Karangan Liburan dan Sebuah Perjalanan
Oleh: Widodo, S.Pd.
Setiap akhir tahun ajaran, aku---seorang guru Bahasa Indonesia di sebuah SMP negeri---selalu memberikan tugas menulis karangan bertema "Pengalaman Liburan Sekolah." Sudah menjadi tradisi. Anak-anak menyambutnya dengan antusias. Bahkan, mereka kerap menyelipkan cerita-cerita lucu, seru, kadang pula yang ganjil, yang membuatku tergelak atau tertegun saat membacanya.
Aku pun, tanpa diminta, ikut membuat karangan. Entah sejak kapan kebiasaan itu kutekuni. Mungkin karena aku juga butuh ruang untuk bercerita. Untuk menyampaikan sesuatu kepada diri sendiri, yang tak sempat kusampaikan di ruang guru atau di antara obrolan santai kala jam kosong.
Libur panjang selalu menjadi momen yang kutunggu. Sama seperti rekan-rekanku. Satu minggu sebelum pembagian rapor, suasana di ruang guru terasa cerah. Wajah-wajah berseri-seri, seolah seluruh letih mengajar selama satu semester segera diganti dengan udara kampung halaman atau aroma laut dari destinasi wisata.
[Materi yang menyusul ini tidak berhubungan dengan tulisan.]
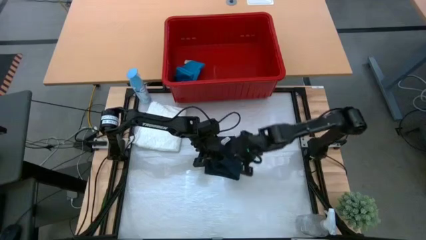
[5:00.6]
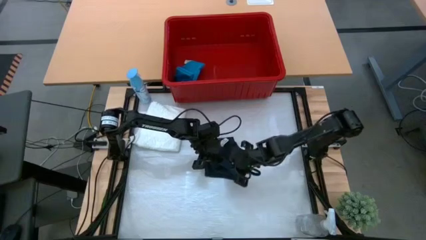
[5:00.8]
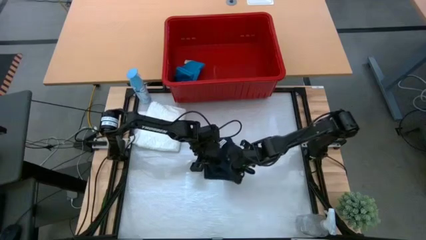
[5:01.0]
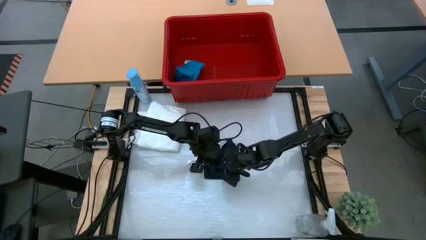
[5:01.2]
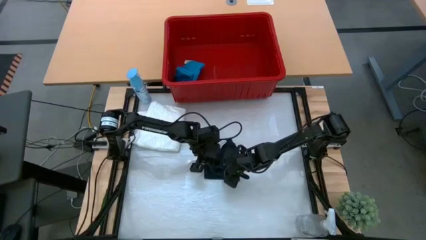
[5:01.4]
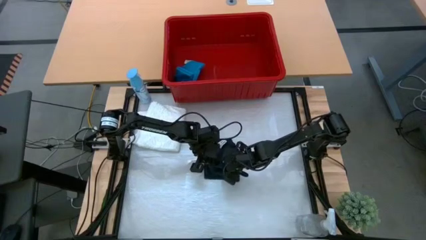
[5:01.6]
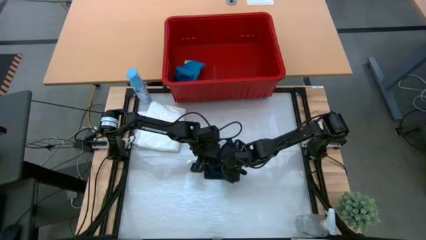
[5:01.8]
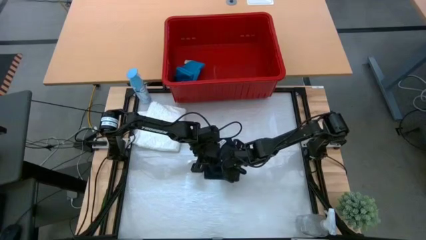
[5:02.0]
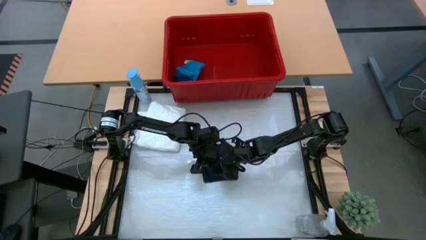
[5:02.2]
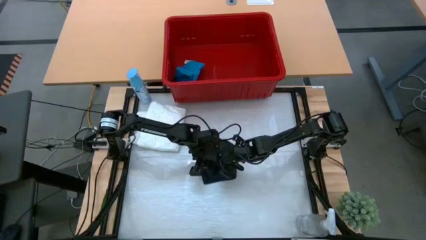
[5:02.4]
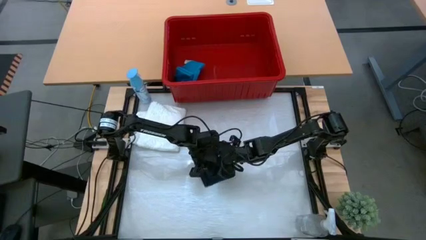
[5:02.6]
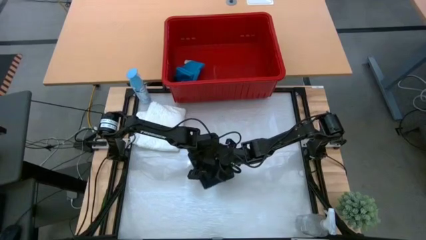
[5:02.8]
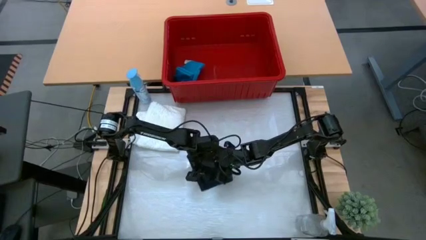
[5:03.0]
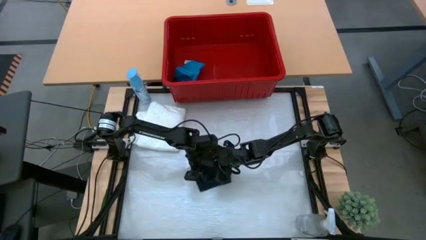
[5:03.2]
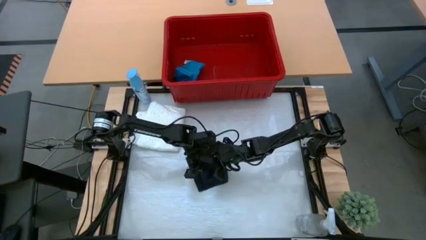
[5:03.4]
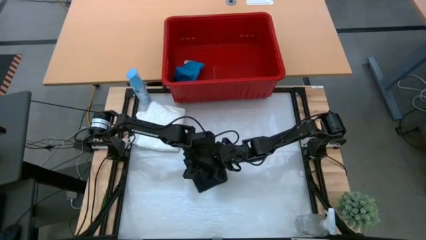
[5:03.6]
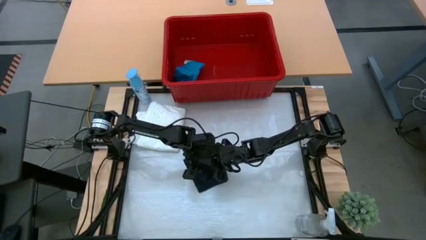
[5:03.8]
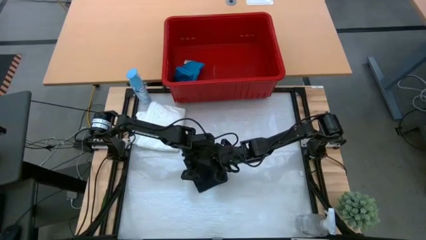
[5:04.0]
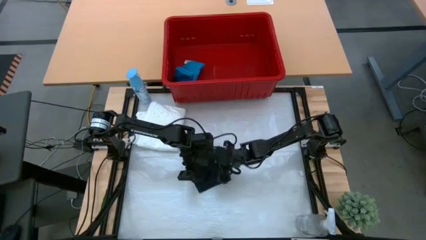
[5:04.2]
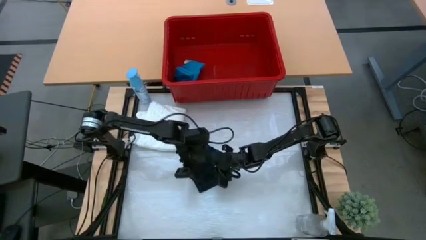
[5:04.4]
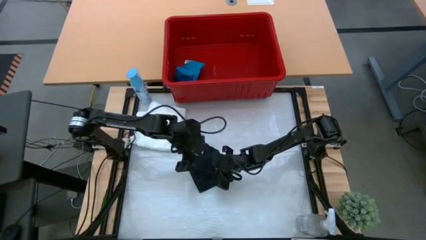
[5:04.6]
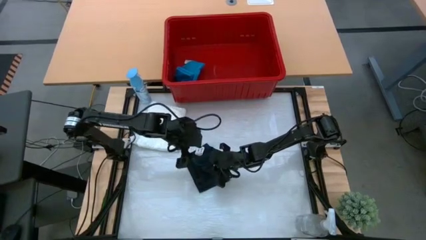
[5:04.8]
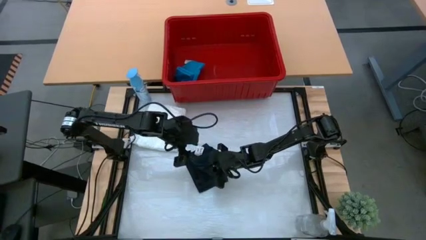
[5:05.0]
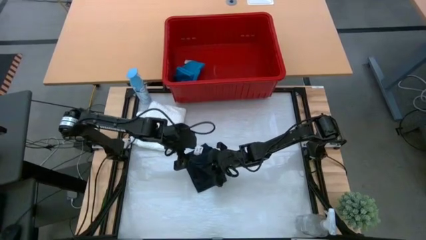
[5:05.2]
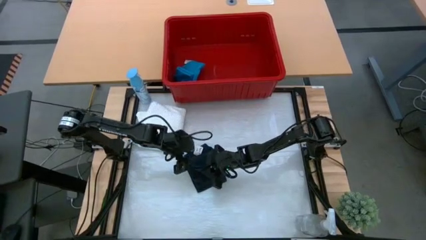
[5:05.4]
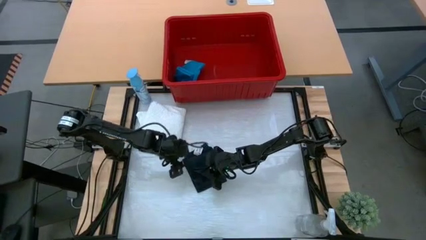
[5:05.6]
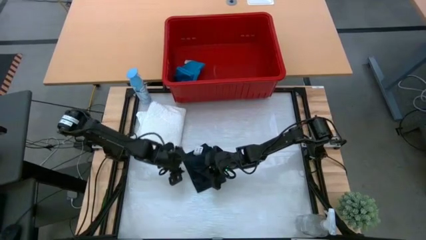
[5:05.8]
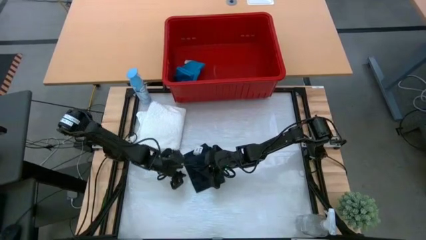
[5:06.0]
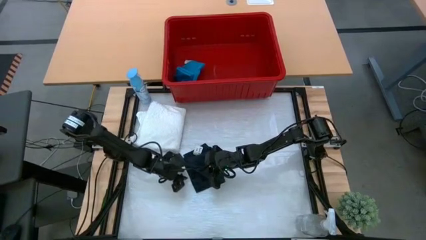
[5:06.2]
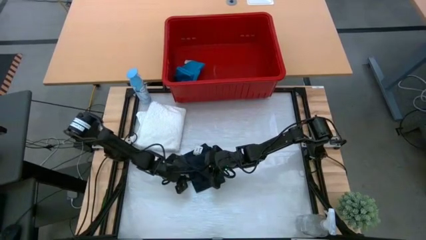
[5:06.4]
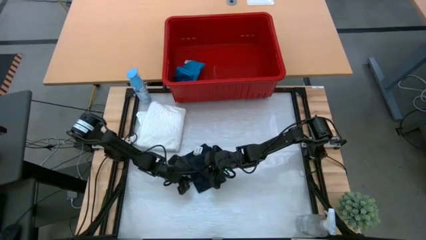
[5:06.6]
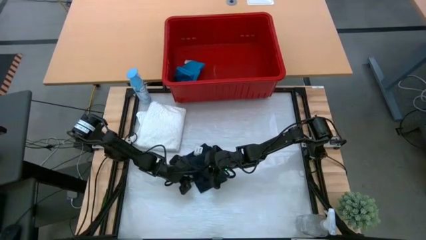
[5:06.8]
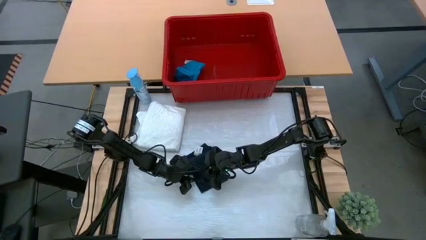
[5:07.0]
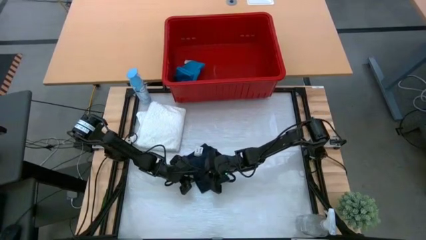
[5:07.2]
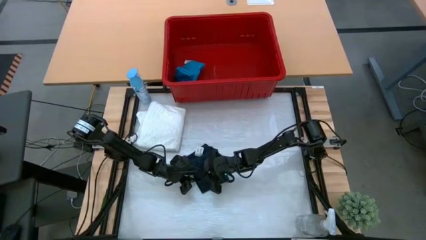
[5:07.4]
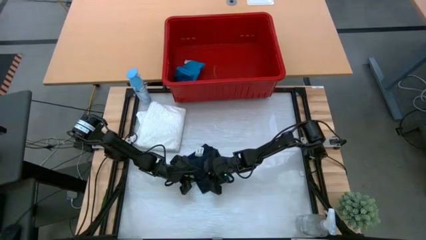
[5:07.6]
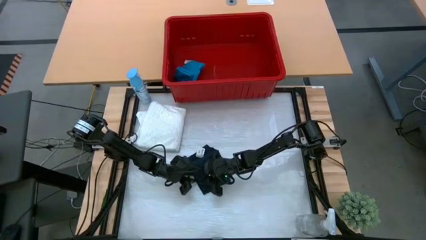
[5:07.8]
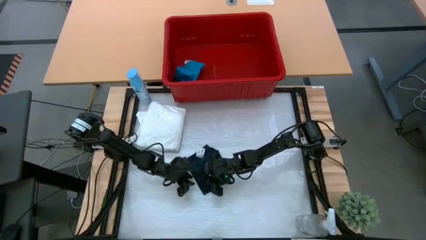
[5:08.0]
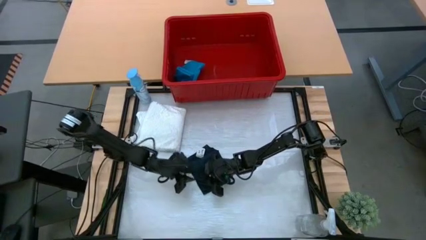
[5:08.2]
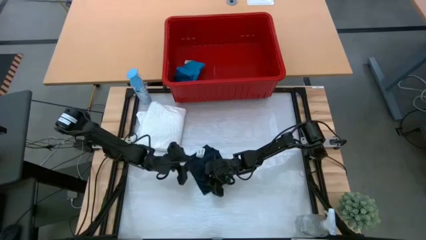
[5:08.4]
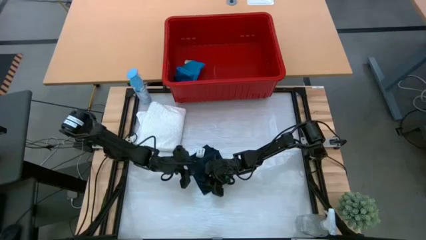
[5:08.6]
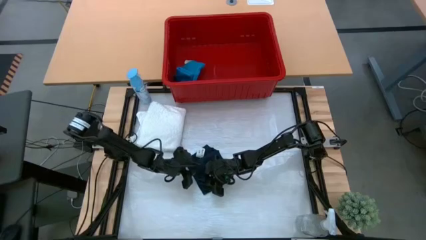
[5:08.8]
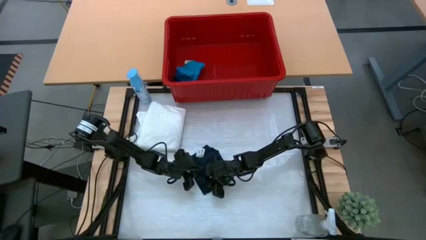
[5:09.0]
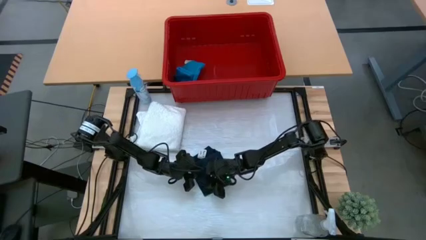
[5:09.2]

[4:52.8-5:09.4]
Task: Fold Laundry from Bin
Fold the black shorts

"Aku mau pulang kampung!" seru Bu Wati, guru IPA, saat aku tanyakan rencananya.
Aku mengangguk. "Aku juga."
Bukan ke tempat wisata, bukan ke luar negeri. Tapi pulang ke rumah masa kecil di Ciamis, tempat kenangan dan keluarga besar berkumpul. Tempat aroma daun pisang rebus dari dapur nenek masih terasa akrab di hidung.
Dan seperti biasa, perjalanan mudik tak selalu berjalan mulus.
Tahun itu, jalan tol macet bukan main. Mobil kami seperti kura-kura tersesat di hutan beton. Arus kendaraan seperti aliran sungai penuh sampah, tersumbat, mendidih oleh knalpot dan keluh kesah. Rasa gelisah menyusup pelan saat indikator bensin menurun, namun SPBU masih puluhan kilometer jauhnya. Di pinggir tol, orang-orang berjualan bensin eceran dalam botol plastik. Pemandangan aneh, tapi jadi penyelamat.
Di tengah kepenatan, putraku tiba-tiba berkata, "Pak, lihat berita ini!"